The big-bang theory intuitively implies a finite universe, imo.
It makes a lot less sense to me, than being finite and bounded in some way due to topography.
There is no point in something that inflates / expands, if it is infinite in volume in the first place. It is just mathematical rhubarb.
Yes. But not an infinite density.
Funny that specialists disagree with you.
If you want to learn more, I can suggest some books.
We Never Know
No Slack
If I may ask.... Doesn't several, if not many things being discussed here depend on whether the universe is finite or infinite, which really isnt yet known to my knowledge.

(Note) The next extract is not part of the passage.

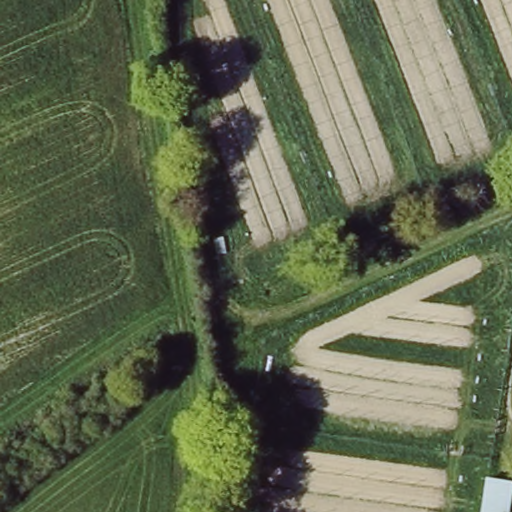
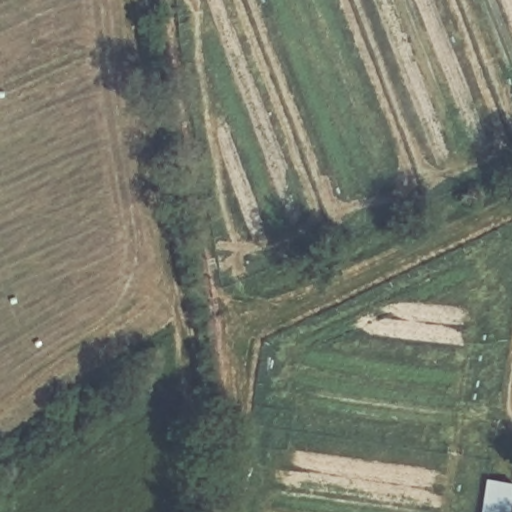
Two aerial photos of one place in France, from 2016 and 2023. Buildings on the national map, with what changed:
unchanged [(480,512),(487,478),(512,483),(512,512),(480,512)]

But don't let me interupt, I enjoy reading your alls posts. They are interesting and educating.
Not as much as you might initially think.
For example, whether the universe is spatially infinite or not has little consequence on whether it is temporally infinite into the past or not.
It *does* have relevant as to whether the universe is infinite into the future or not, although some models that are cyclic are more likely to happen in a spatially finite case.
Both expansion and inflation can happen in either a spatially infinite or spatially finite universe.
Quantum gravity does not differ substantially based on whether the universe is spatially infinite or not.
muhammad_isa
Veteran Member
No. I want you to explain, how something that is infinite in the first place, can actually expand.
You just admitted that they would be the same volume before and after inflation.